Working data
○ ○ ○ ○ ○ ○ ○
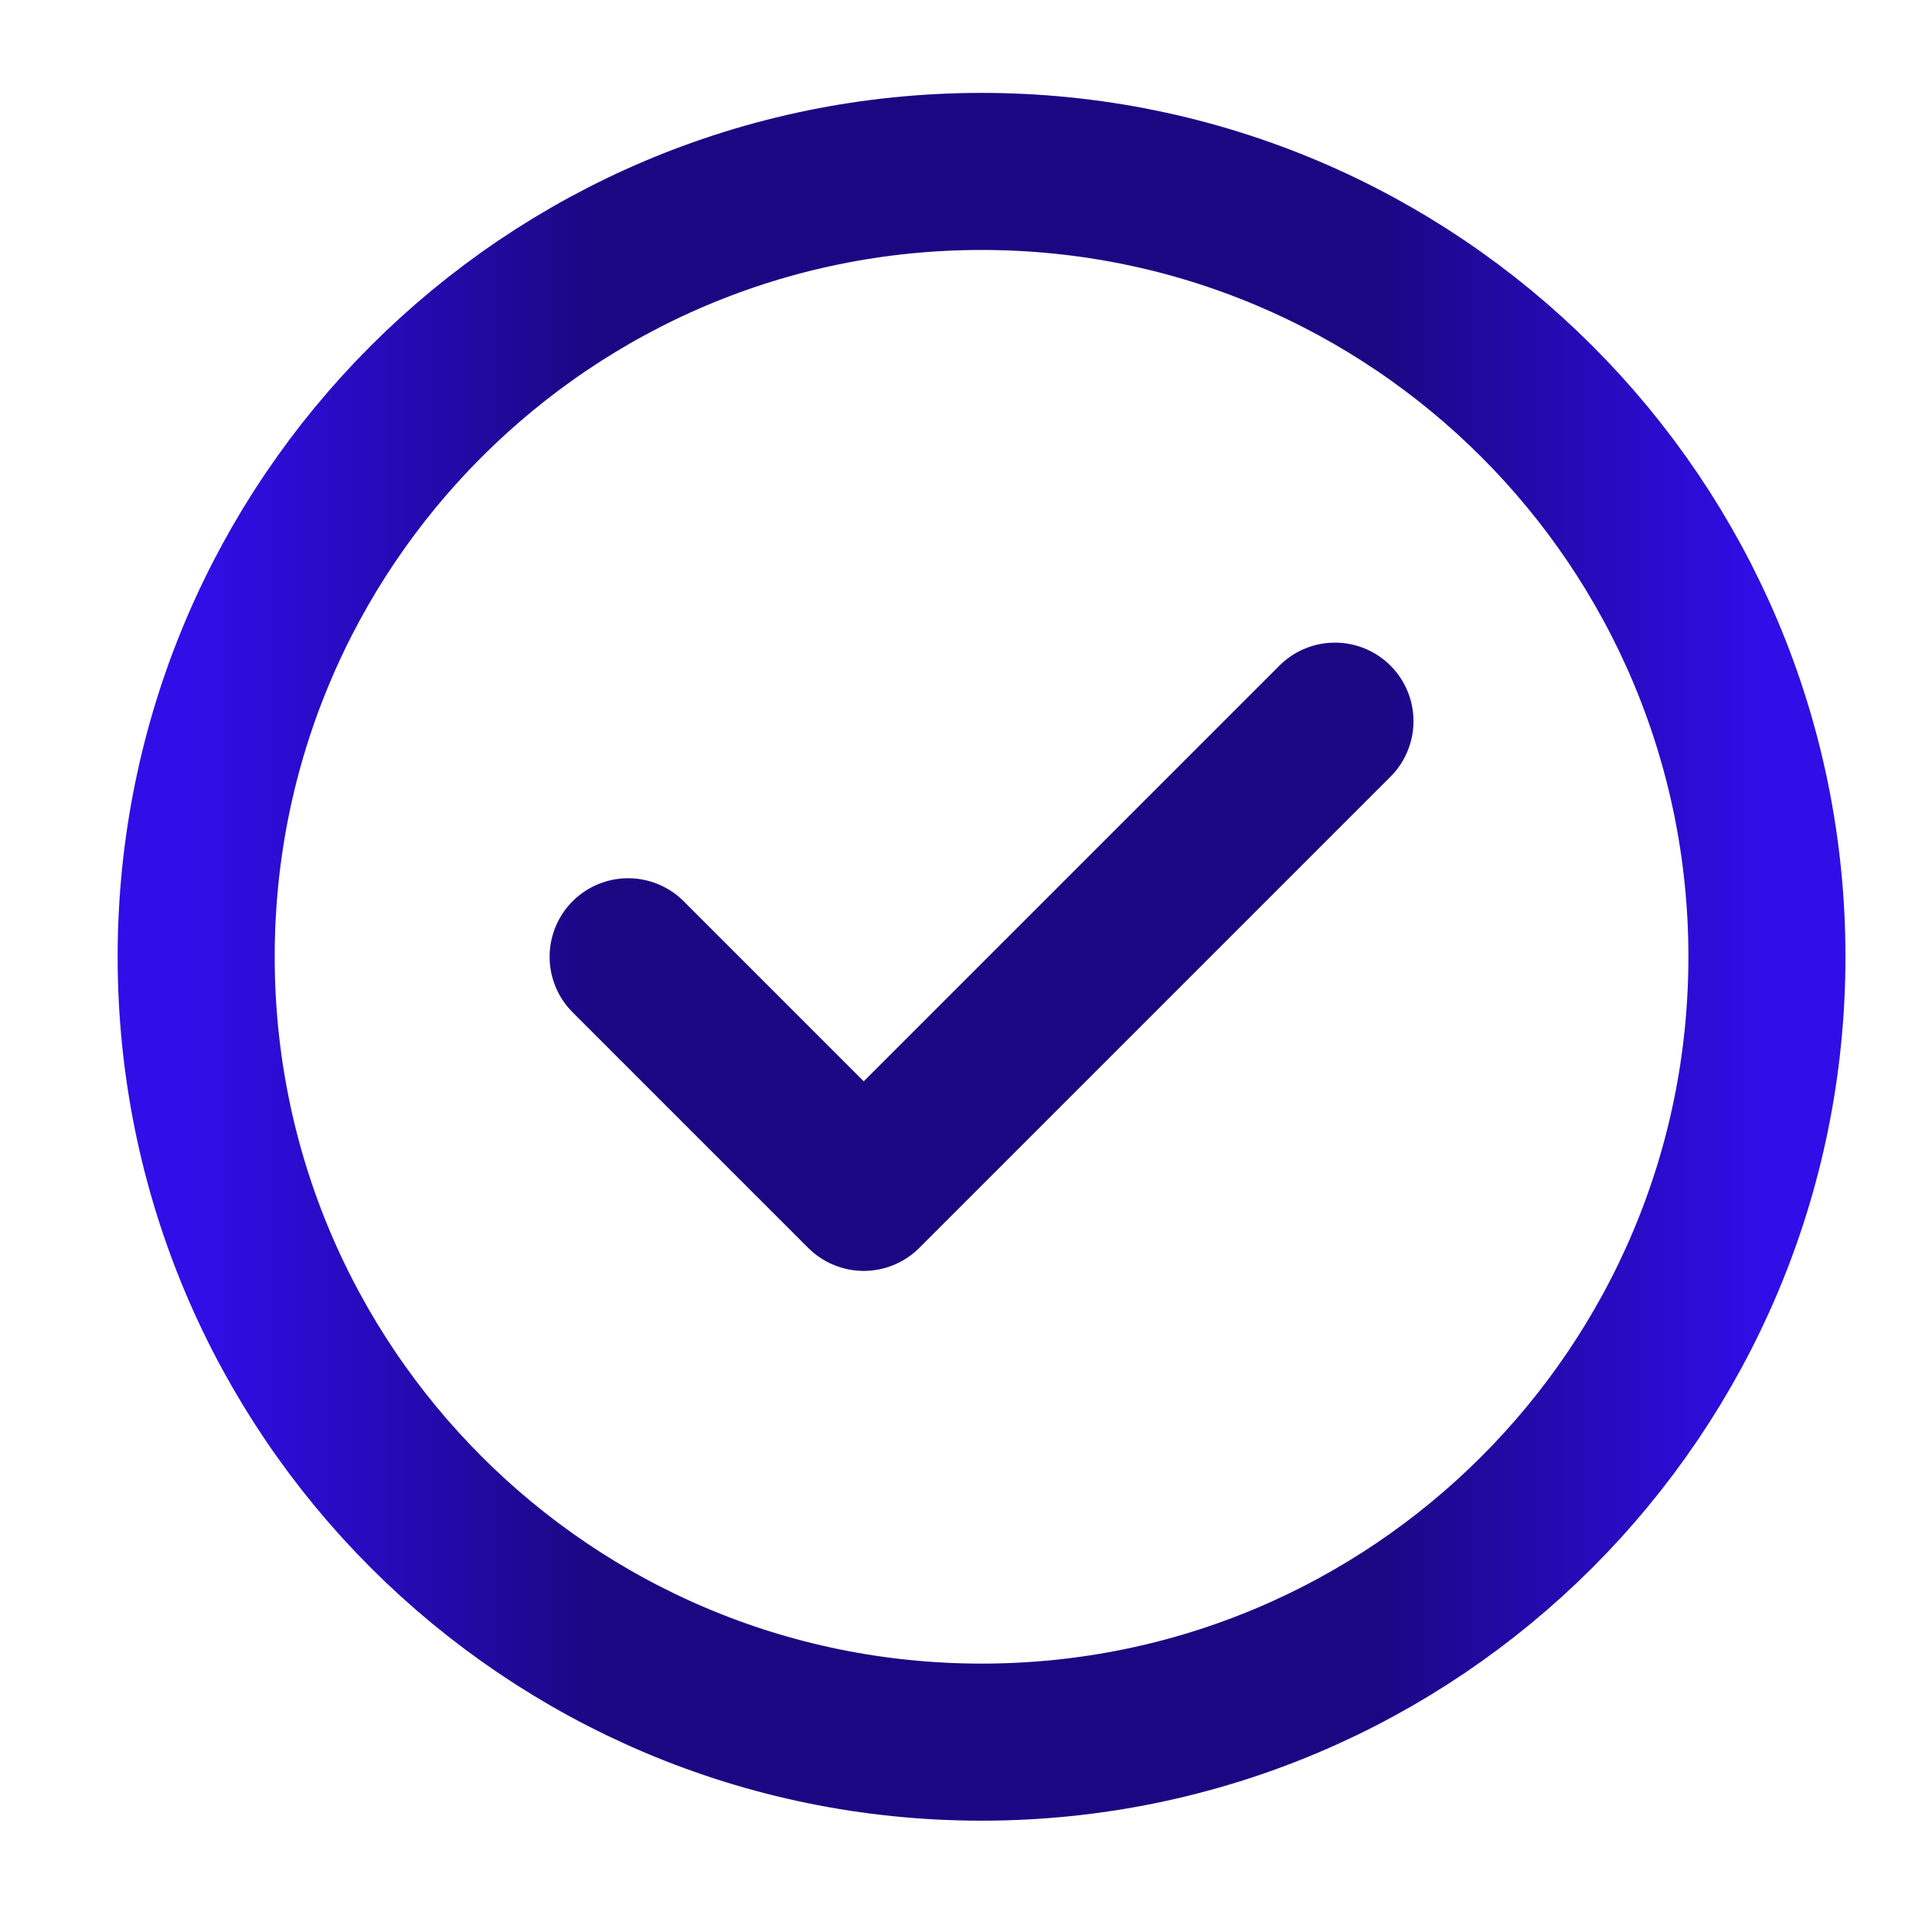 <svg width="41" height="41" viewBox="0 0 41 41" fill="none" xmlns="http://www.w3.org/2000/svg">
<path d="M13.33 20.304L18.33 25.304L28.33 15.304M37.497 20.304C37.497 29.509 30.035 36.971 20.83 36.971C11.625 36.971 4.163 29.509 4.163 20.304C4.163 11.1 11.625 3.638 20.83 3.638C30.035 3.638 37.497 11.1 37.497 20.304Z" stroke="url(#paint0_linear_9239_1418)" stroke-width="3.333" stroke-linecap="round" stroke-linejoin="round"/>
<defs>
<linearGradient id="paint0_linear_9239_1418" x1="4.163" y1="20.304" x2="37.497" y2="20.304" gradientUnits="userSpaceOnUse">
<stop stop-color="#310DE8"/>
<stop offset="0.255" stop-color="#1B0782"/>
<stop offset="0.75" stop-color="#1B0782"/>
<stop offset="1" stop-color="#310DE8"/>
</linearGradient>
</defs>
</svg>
○ ○ ○ ○ ○ ○ ○
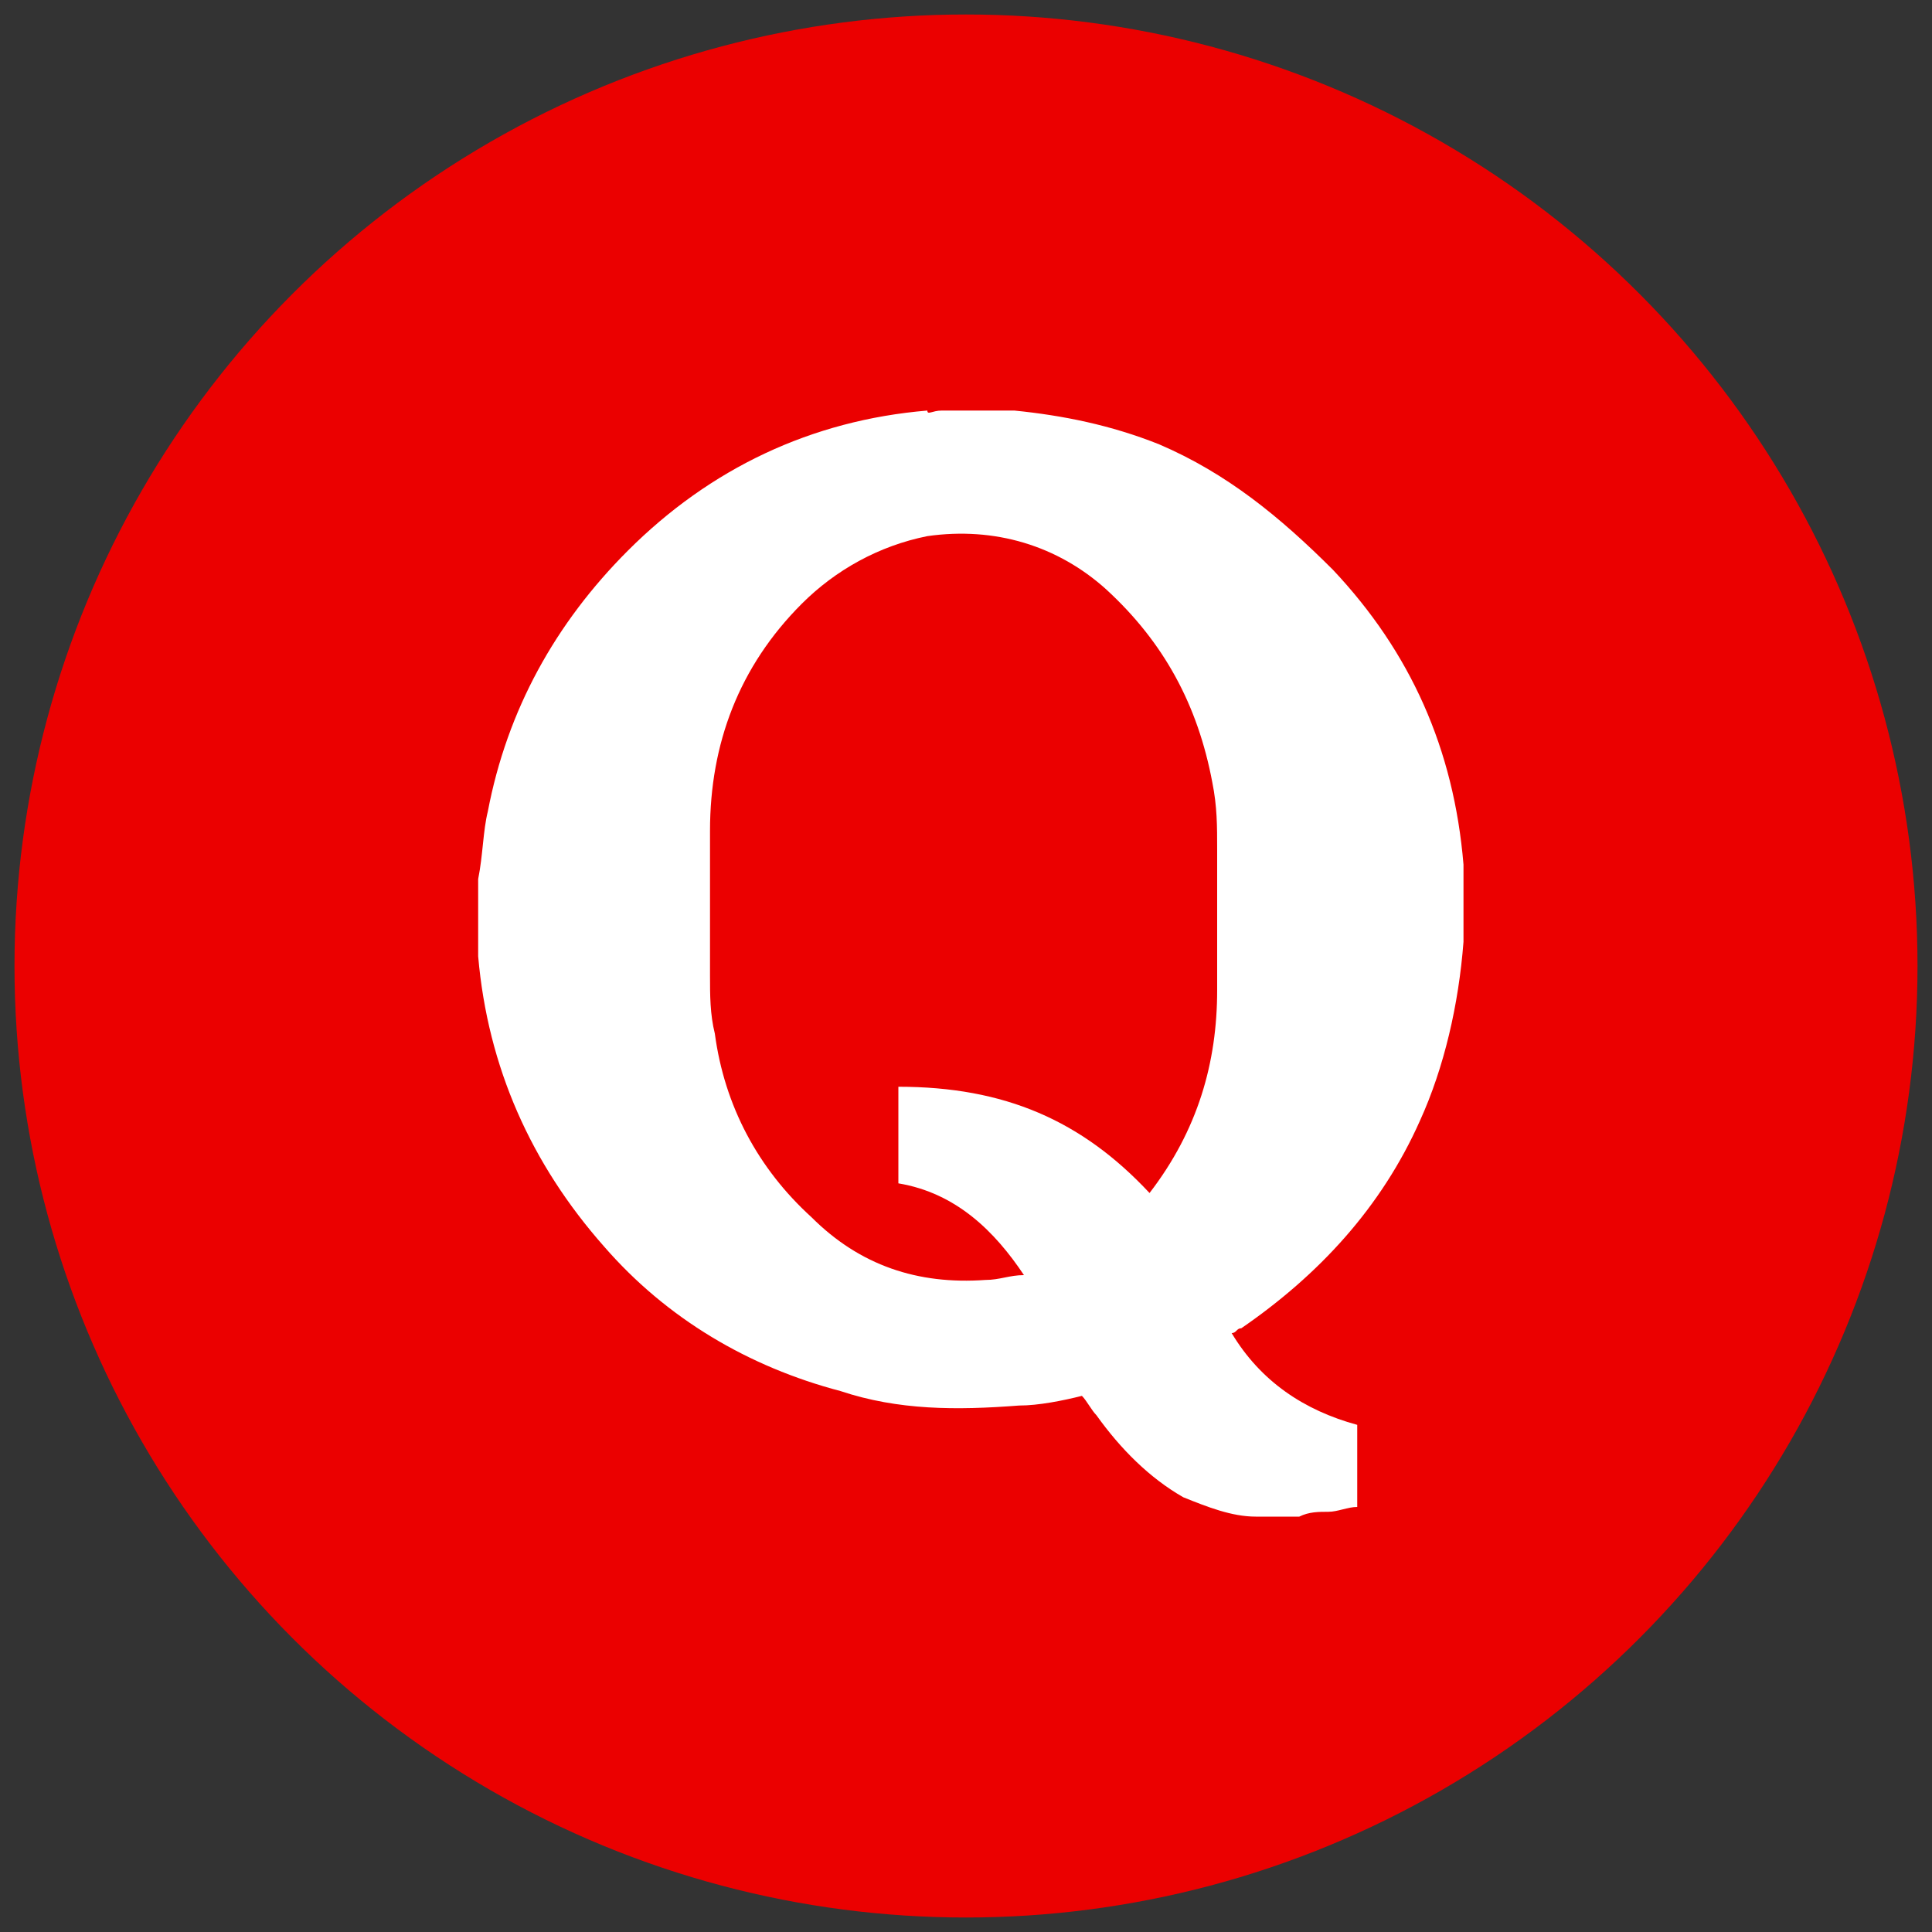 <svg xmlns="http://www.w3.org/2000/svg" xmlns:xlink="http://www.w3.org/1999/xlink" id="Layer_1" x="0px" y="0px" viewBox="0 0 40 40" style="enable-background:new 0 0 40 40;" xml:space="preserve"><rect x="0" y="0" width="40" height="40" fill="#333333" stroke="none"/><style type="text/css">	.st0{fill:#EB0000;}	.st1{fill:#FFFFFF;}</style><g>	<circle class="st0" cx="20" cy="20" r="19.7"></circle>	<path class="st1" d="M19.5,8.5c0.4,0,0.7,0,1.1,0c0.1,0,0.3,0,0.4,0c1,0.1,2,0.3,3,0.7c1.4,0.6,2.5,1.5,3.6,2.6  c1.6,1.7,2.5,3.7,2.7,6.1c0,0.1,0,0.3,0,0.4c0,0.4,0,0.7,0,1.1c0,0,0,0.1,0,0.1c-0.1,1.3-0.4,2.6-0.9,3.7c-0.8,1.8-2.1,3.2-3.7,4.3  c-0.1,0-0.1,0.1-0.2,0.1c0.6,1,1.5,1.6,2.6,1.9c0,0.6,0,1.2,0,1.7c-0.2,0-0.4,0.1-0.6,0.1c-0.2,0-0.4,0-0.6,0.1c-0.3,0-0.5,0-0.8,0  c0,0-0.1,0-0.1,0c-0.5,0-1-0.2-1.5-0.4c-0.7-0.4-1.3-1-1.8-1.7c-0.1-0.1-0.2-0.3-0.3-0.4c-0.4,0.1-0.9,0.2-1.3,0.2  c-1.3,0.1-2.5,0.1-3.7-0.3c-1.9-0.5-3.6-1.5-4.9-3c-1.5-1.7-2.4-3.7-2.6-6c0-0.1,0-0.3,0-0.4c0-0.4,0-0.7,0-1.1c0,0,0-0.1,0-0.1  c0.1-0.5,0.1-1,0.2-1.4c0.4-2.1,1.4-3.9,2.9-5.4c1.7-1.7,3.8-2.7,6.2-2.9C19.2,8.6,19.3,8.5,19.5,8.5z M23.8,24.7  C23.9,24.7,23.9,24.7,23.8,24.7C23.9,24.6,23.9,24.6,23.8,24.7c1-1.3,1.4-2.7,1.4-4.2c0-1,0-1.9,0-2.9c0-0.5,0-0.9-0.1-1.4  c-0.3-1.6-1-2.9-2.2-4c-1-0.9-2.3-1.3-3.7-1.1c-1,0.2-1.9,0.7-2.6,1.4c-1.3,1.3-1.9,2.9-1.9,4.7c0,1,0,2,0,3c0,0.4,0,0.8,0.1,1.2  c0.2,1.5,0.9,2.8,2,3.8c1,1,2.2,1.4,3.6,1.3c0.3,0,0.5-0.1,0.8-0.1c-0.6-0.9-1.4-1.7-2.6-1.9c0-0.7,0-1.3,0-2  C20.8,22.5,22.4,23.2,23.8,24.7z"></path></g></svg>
○ ○ ○ ○ ○ ○ ○
Task item
Lines of the material may hold the string "linearGradient". Copy each one that does.

Finished task
<linearGradient id="paint0_linear_9239_1418" x1="4.163" y1="20.304" x2="37.497" y2="20.304" gradientUnits="userSpaceOnUse">
</linearGradient>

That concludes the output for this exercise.